I feel that the people who visit my site are searching for a paperhanger, not for information about wallcoverings, whether it is in style, types of paper, etc. And quite frankly, I do not want to use my landing page to convince people of the attributes of using paper over other options. I'm selling me, not decorating choices 

Some of these are good subjects for the blog I've been thinking about but have not felt I have enough pertinent subjects for. 

I understand how it benefits you to sell the benefits of pressure washing, but I do not see my visitors needing that approach. YES, I do need to talk to their needs, which is to find the best person to install their paper - ME. 

As you said before, I need to think like a customer. 

"I have wallpaper and I need it installed properly" is the LCD (lowest common denominator) that I am factoring to. 

With that in mind, I am thinking the gist of my homepage should be (*GIST* that will need LOTS of polish).

"You have made what I feel is the best decorating decision a homeowner can make; using wallcovering to add warmth, color, and design to your home. Wallpaper makes a house a home, congratulations on your decision. 

Wallcovering will last longer than paint (studies show the average interior paint is redone every 6 - 8 years whereas wallpaper is changed between 10 and 12 years). You want the wallcovering to be installed correctly. Bill Archibald has been installing wallpaper in fine homes in Eastern Massachusetts since 1972. In the late 80's he dropped the painting portion of his services and now concentrates on doing one craft well - Wallcovering Installations. "

blah blah blah


----------



## ewingpainting.net

I think I'm starting to lean towards scott way. I was asked by my wife what I expected my site to do. I said "to tell those that can't afford me, you can't" most my leads from my site have been beating a dead horse. However, it has bee great for those that are already sold on me. Great thread and great advise! I'm going to have to reread


----------



## PressurePros

Bill, you're on the right path. Its definitely important to establish what you want your site to do. I can understand and appreciate your stance and have a better understanding now. Everything I mentioned still holds true, it just makes your work easier to pick up from the "we already want wallpaper" stage. Much of what you have in your site is already conducive to that approach. 

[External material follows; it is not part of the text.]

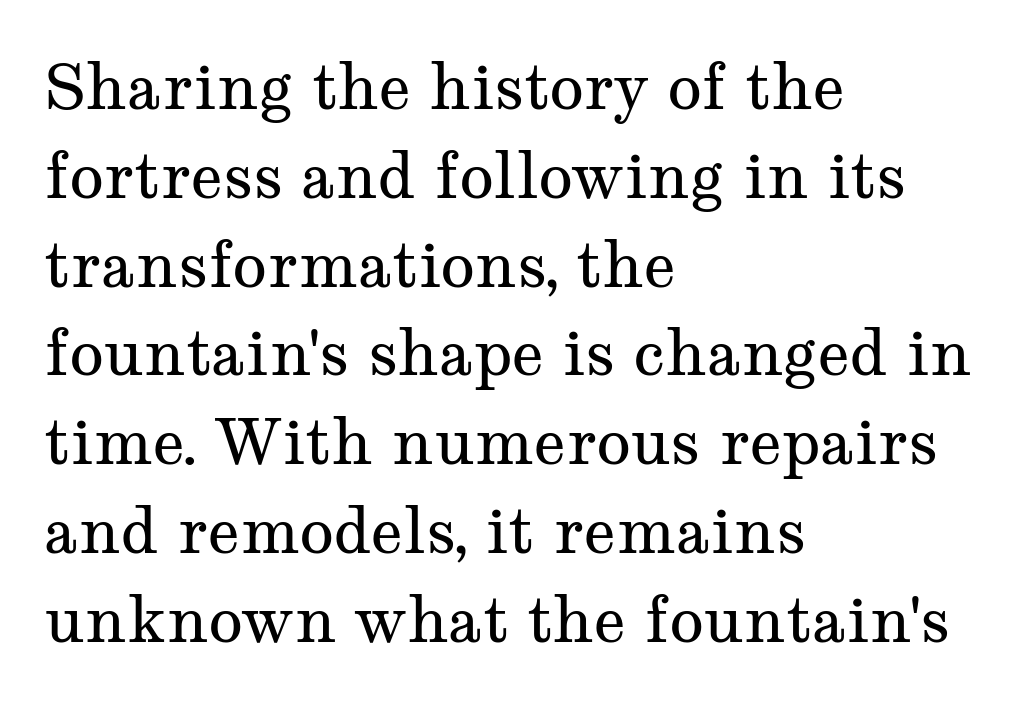
The image shows 63 px regular-weight, wide serif type, upright; set left-aligned, normal line spacing (1.41x), normal letter spacing, not underlined; medium stroke contrast and a medium x-height.

When you get into the nitty gritty of process and what makes you superior, use FAB style.. feature, advantage, benefit. An example in conversational English would be:

At Archibald Designs, we use a blankstock liner under our wallpaper installations. This attention to detail adds to the quality look, feel and longevity of your wall covering. It will make your walls not only look smooth but also have a rich and finished appearance. The use of a liner is one of the things that will make your installation look professional and last longer. 

For more information about wallpaper liners visit our FAQ..


----------



## vermontpainter

Good stuff.


----------



## ewingpainting.net

I just reread this thread and wanted to give Ken a big THANKS. I'm soaking this stuff in as well. It is valued advise.


----------



## SouthFloridaPainter

I know this thread is not about SEO, nor do I want to turn it into one, but I have to make this comment as I feel this needs to be addressed.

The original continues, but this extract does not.